After ‘taking another look at the data’ on the risks of life-threatening blood clots, the FDA’s head of vaccines, Dr. Peter Marks, said that only adults who cannot receive a different vaccine, or specifically request J&J’s shot can get one, according to the Associated Press.
“If there’s an alternative that appears to be equally effective in preventing severe outcomes from COVID-19, we’d rather see people opting for that,” said Marks. “But we’ve been careful to say that– compared to no vaccine– this is still a better option.”
The problem occurs in the first two weeks after vaccination, he added: “So if you had the vaccine six months ago you can sleep soundly tonight knowing this isn’t an issue.”
The vaccine was initially considered an important tool in fighting the pandemic because it required only one shot.
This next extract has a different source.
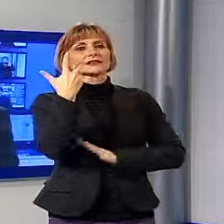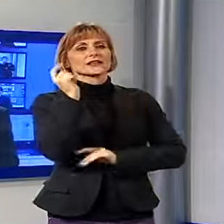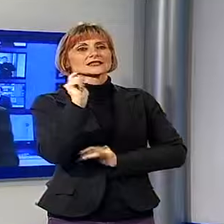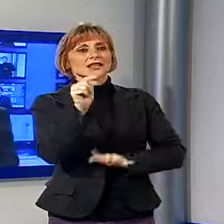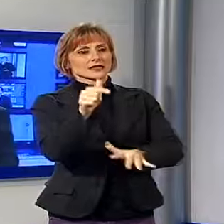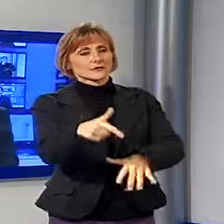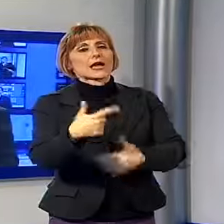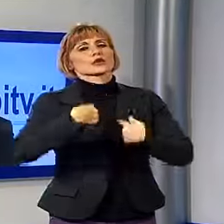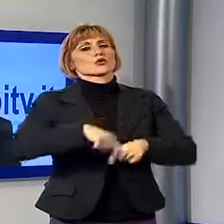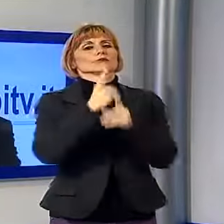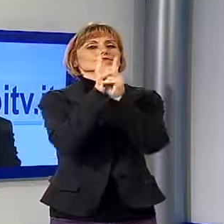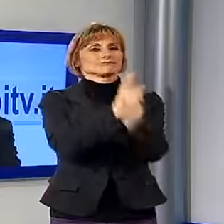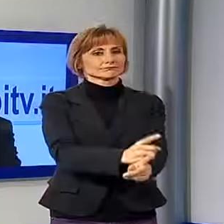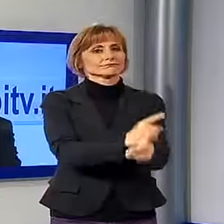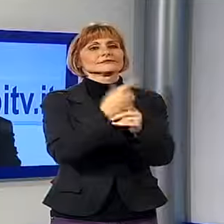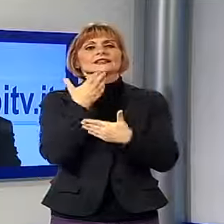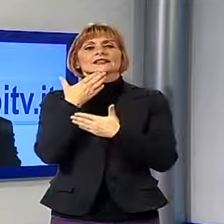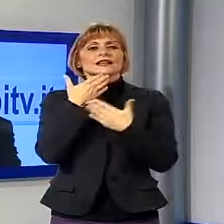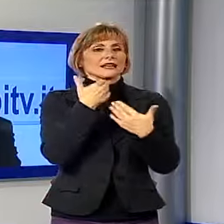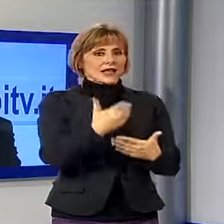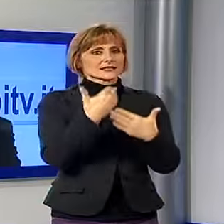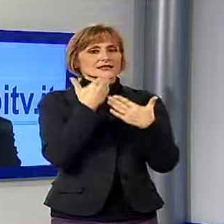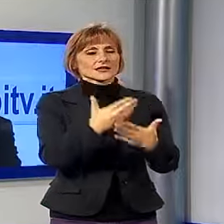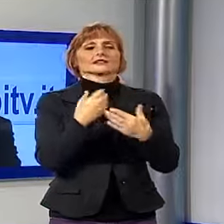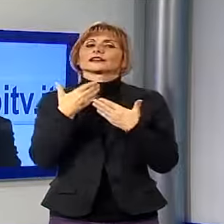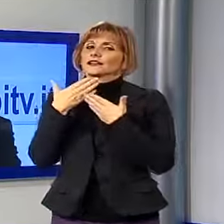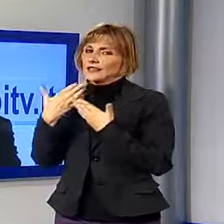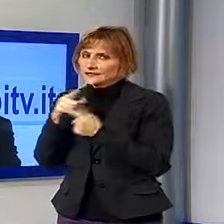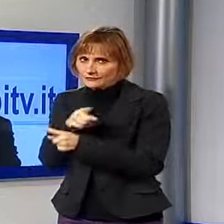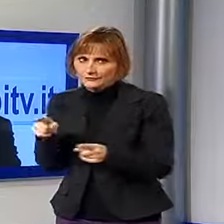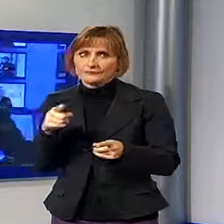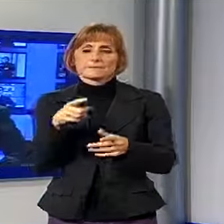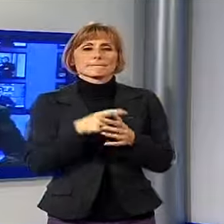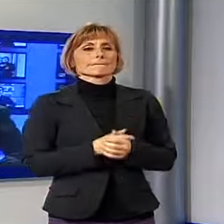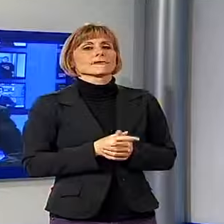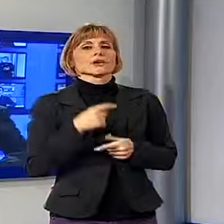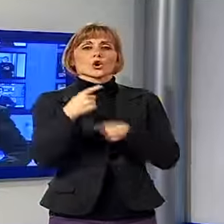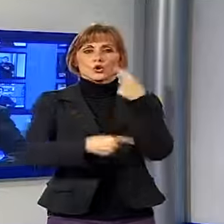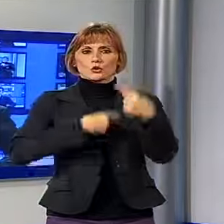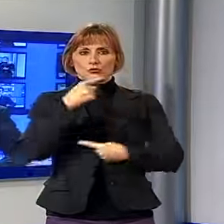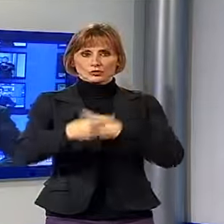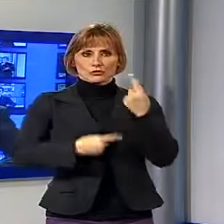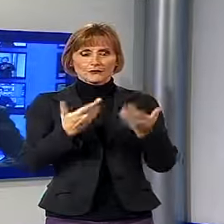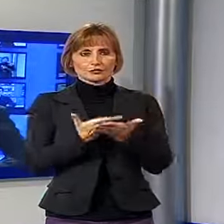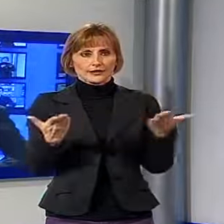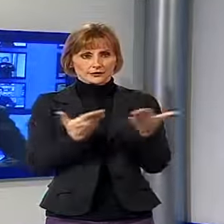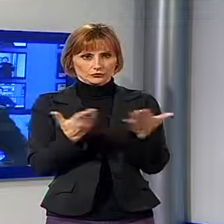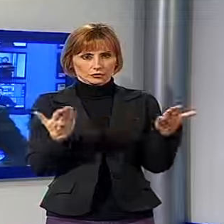all'interno dei nostri telegiornali. Grazie per la tua presenza. Continuiamo il nostro telegiornale con una

But the single-dose option proved less effective than two doses of the Pfizer and Moderna vaccines. -AP
The clotting is more common in women under 50, who suffered a fatality rate of roughly 1 per million shots, according to Marks. Overall, federal scientists flagged 60 cases of the side effect, including nine that were fatal.
According to Marks, the FDA ‘spent extra time’ evaluating whether the J&J vaccine clotting was connected to a separate issue such as birth control, which can raise the risk of clotting.
To nobody’s surprise, Twitter labeled the headline “Misleading” when tweeted by @Breaking911, however AP’s same exact headline wasn’t flagged.
Perhaps the Ministry of Disinformation can provide us with ‘context.’